Microsoft calls out apparent ESXi vulnerability that some researchers say is a ‘nothing burger’ 

A range of cybercriminals engaged in extortion and ransomware attacks are exploiting what researchers with Microsoft described as a vulnerability in VMware’s ESXi hypervisor, according to a blog posted Monday.

The vulnerability allowed attackers to add users to an attacker-created admins group, which could then facilitate full administrative permissions on domain-joined ESXi hypervisors, according to a blog post by Microsoft Threat Intelligence.

Others have pointed out that the “vulnerability” is, in fact, a “well known feature” in VMware vSphere that has been documented and discussed for more than a decade, and that attackers abusing the technique in the wild would already have deep access into a victim’s environment.

Nevertheless, researchers with Microsoft said the technique is being abused by highly effective cybercriminal operations as part of extortion and ransomware operations.

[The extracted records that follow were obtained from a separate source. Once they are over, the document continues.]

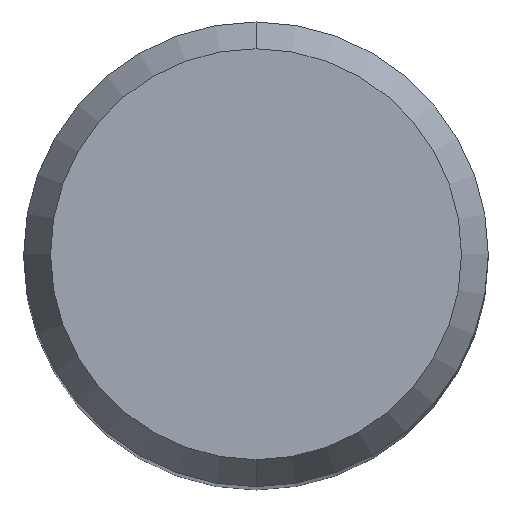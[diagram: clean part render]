
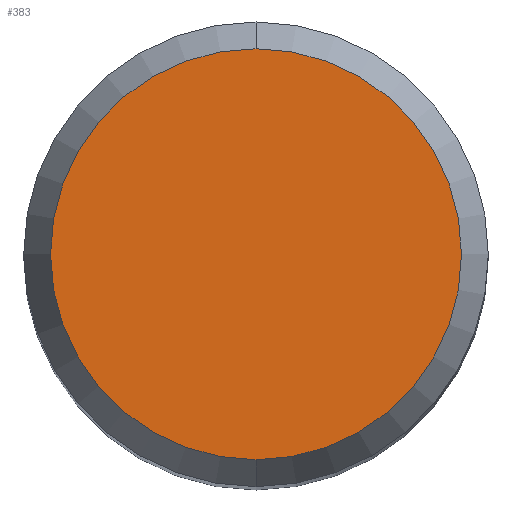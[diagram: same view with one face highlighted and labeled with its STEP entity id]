
A CAD part, top view. The second image highlights one B-rep face of the part: STEP entity #383.
In plain terms, the highlighted planar face has unit normal (0, 0, 1).
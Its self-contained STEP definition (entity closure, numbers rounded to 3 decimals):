
#227=EDGE_CURVE('',#265,#429,#522,.T.);
#265=VERTEX_POINT('',#565);
#267=EDGE_CURVE('',#429,#265,#567,.T.);
#383=ADVANCED_FACE('',(#697),#698,.T.);
#429=VERTEX_POINT('',#748);
#522=CIRCLE('',#947,3.538);
#565=CARTESIAN_POINT('',(0.,-3.538,0.0));
#567=CIRCLE('',#1000,3.538);
#697=FACE_OUTER_BOUND('',#1262,.T.);
#698=PLANE('',#1263);
#748=CARTESIAN_POINT('',(0.0,3.538,0.0));
#947=AXIS2_PLACEMENT_3D('',#1440,#1441,#1442);
#1000=AXIS2_PLACEMENT_3D('',#1517,#1518,#1519);
#1262=EDGE_LOOP('',(#1673,#1674));
#1263=AXIS2_PLACEMENT_3D('',#1675,#1676,#1677);
#1440=CARTESIAN_POINT('',(0.0,0.0,0.0));
#1441=DIRECTION('',(0.0,0.0,-1.0));
#1442=DIRECTION('',(0.0,1.0,0.0));
#1517=CARTESIAN_POINT('',(0.0,0.0,0.0));
#1518=DIRECTION('',(0.0,0.0,-1.0));
#1519=DIRECTION('',(0.0,1.0,0.0));
#1673=ORIENTED_EDGE('',*,*,#267,.F.);
#1674=ORIENTED_EDGE('',*,*,#227,.F.);
#1675=CARTESIAN_POINT('',(0.0,1.769,0.0));
#1676=DIRECTION('',(-0.0,0.0,1.0));
#1677=DIRECTION('',(0.0,-1.0,0.0));

The vulnerability, tracked as CVE-2024-37085, impacted VMware ESXi, VMware vCenter Server and VMware Cloud Foundation and was updated June 25, according to Broadcom, VMware’s parent company. The Cybersecurity and Infrastructure Security Agency added the CVE to its Known Exploited Vulnerability Catalog on Tuesday.

To exploit the vulnerability, attackers ran commands to create a new “ESX Admins” group, followed by adding a new user to that group. “Successful exploitation leads to full administrative access to the ESXi hypervisors, allowing threat actors to encrypt the file system of the hypervisor, which could affect the ability of the hosted servers to run and function,” the researchers said. “It also allows the threat actor to access hosted VMs and possibly to exfiltrate data or move laterally within the network.”

Christian Mohn, a chief technologist with Proact IT Norge AS in Norway, called the CVE a “nothing burger” in his own blog post Monday. He told CyberScoop in an online chat Tuesday that this is a “feature and not a bug.” He added that he’s glad VMware is “removing this — it’s pretty much a feature no one uses anymore and less moving parts that can be misfigured is a good thing. But calling it an exploit is stretching.” 

Broadcom did not respond to requests for comment. 

Sherrod DeGrippo, Microsoft’s director of threat intelligence strategy, told CyberScoop in an email Tuesday that the company worked closely with VMware to disclose the vulnerability and provide proof of concept, and that the finding was issued a CVE ID and VMware released a patch and patch guidance for it along with “multiple vulnerabilities.” 

“Ransomware is a significant, high-severity threat being used by threat actors across the landscape, [and] organizations should be aware that exploitation of this vulnerability could result in ransomware or other malicious activity,” DeGrippo said. “Ultimately, this disclosure falls within Microsoft’s mission to keep organizations more secure and better informed.”

ESXi has become a “favored target for threat actors” in recent years, the Microsoft researchers said, likely due to its popularity in corporate networks, many security products’ limited visibility and protections for an ESXi hypervisor and the ability for ransomware attackers to more quickly encrypt a number of virtual machines. 

Various clusters of cybercriminal activity and ransomware variants tracked by Microsoft offer ESXi encryptors, the researchers noted, including Black Basta, Babuk, Lockbit and Kuiper. Incident response engagements involving the targeting and impacting of ESXi hypervisors “have more than doubled” in the past three years, the researchers added.

In one example, a ransomware operator tracked by Microsoft as Storm-0506 exploited the vulnerability during an attack on an unidentified engineering firm in North America that involved the deployment of Black Basta ransomware. 

Other clusters of cybercriminal activity have abused the technique, including the group tracked as Octo Tempest, a reference to an ecosystem of cybercriminals known as “the Com,” but also referred to by the CrowdStrike-given name “Scattered Spider.”

The group is known for attacking major international targets, including MGM Resorts and Clorox. A top FBI official recently listed Scattered Spider as a top-three cybersecurity threat, alongside China and Russia’s foreign intelligence agency.